BRIEF DESCRIPTION OF THE DRAWINGS

[0021] FIG. 1 is a schematic structural diagram according to the present disclosure;

[0022] FIG. 2 is an exploded structural diagram of FIG. 1;

[0023] FIG. 3 is a schematic structural diagram of a micro-perforated panel according to the present disclosure;

[0024] FIG. 4 is a schematic diagram of S1 according to the present disclosure;

[0025] FIG. 5 is a graph of sound absorption coefficients of a micro-perforated sandwich sound-absorbing and load-bearing structure not filled with polyurethane and a micro-perforated sandwich sound-absorbing and load-bearing structure filled with polyurethane; and

[0026] FIG. 6 is a flowchart of a method for preparing a micro-perforated sandwich sound-absorbing and load-bearing structure filled with polyurethane.

[0027] In the figures: 1 sandwich layer, 2 solid panel, 3 micro-perforated panel, 301 micro-pore, 4 polyurethane filling layer.

DETAILED DESCRIPTION OF THE EMBODIMENTS

[0028] A micro-perforated sandwich sound-absorbing and load-bearing structure filled with polyurethane includes a sandwich layer 1, a solid panel 2, a micro-perforated panel 3 and a polyurethane filling layer. The sandwich layer 1, the solid panel 2 and the micro-perforated panel 3 are all made of titanium alloy.
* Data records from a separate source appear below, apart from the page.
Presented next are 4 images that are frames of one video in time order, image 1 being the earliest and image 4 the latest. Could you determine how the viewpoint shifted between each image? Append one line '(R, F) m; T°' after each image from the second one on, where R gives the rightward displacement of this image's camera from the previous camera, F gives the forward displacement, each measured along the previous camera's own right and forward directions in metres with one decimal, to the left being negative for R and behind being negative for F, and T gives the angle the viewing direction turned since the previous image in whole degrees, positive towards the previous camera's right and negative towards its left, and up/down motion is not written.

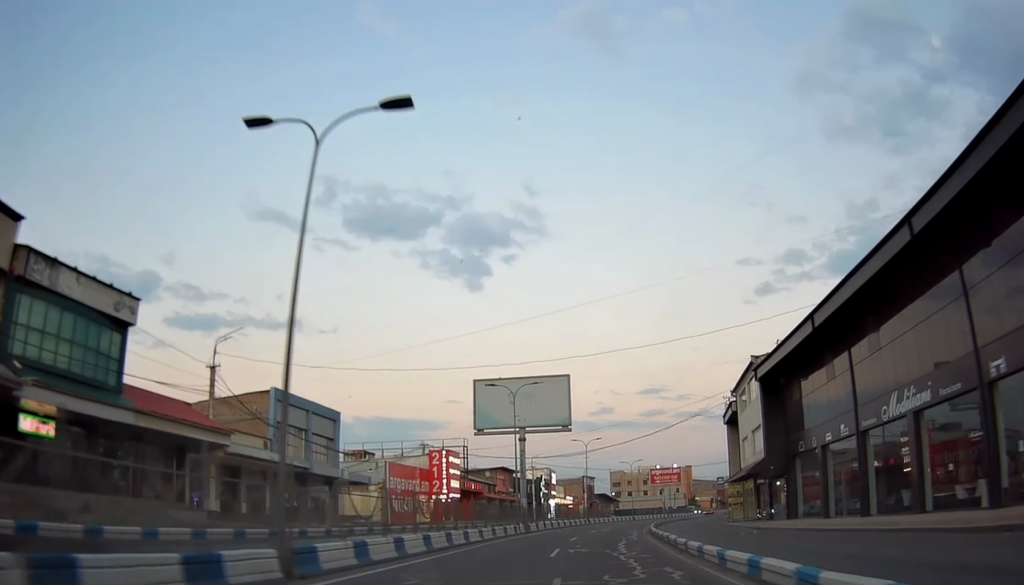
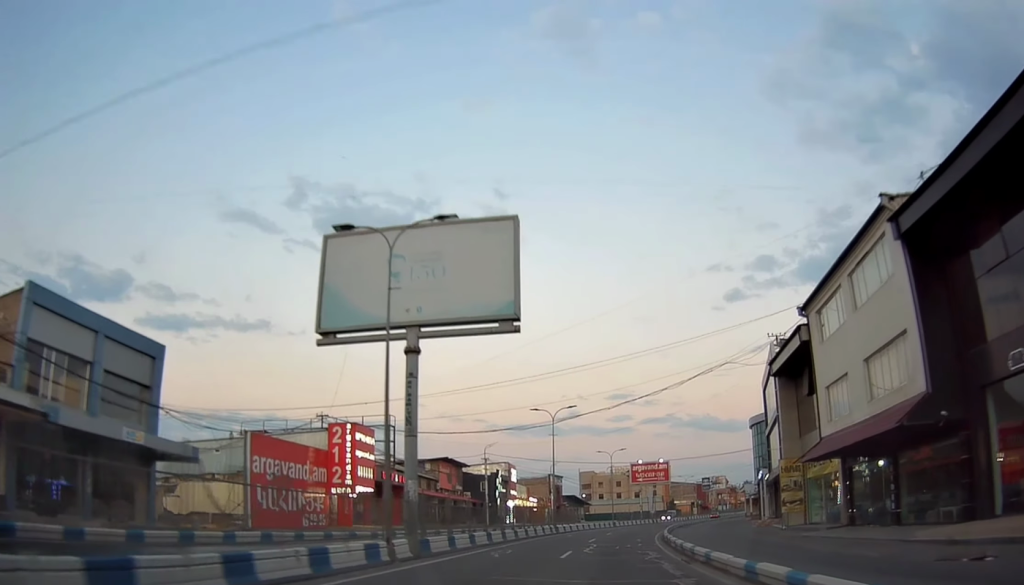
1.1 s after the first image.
(+0.8, +23.8) m; +3°
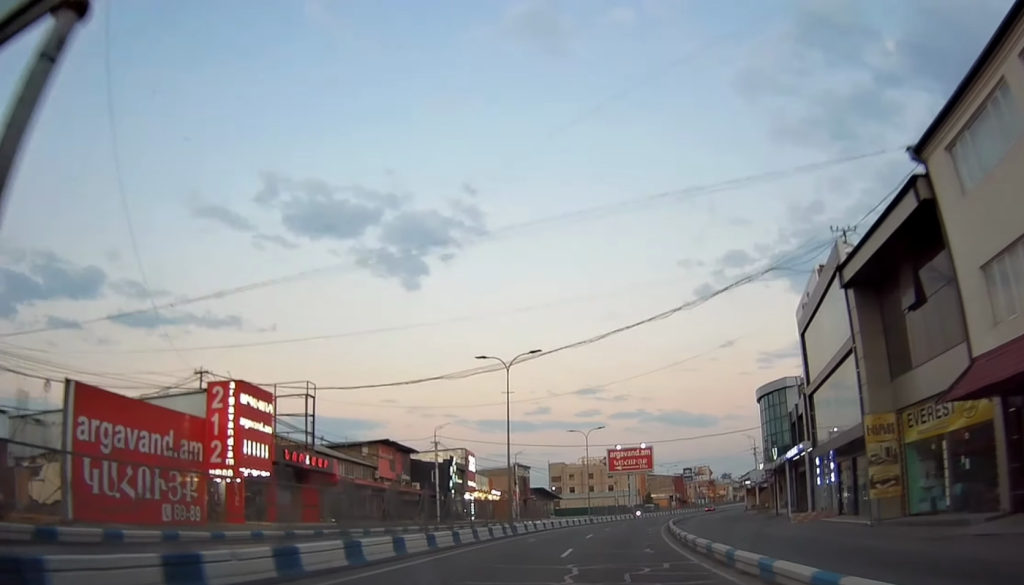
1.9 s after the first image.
(+0.3, +15.3) m; +2°
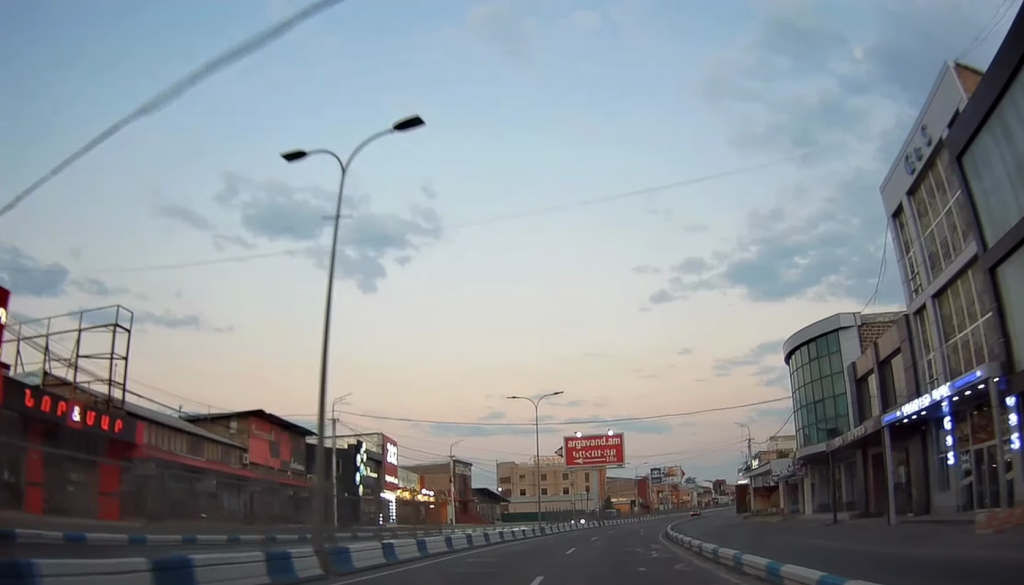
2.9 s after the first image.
(+0.4, +21.2) m; +3°

The sandwich layer 1 is of a triply periodic minimal surface porous structure; an upper surface of the solid panel 2 is integrally connected with a lower surface of the sandwich layer 1. Multiple micro-pores 301 are formed in a surface of the micro-perforated panel 3 in a running-through manner, and a lower surface of the micro-perforated panel 3 is integrally connected with an upper surface of the sandwich layer 1. The polyurethane filling layer 4 uniformly fills in the sandwich layer 1, and an upper surface of the polyurethane filling layer 4 is connected to the lower surface of the micro-perforated panel.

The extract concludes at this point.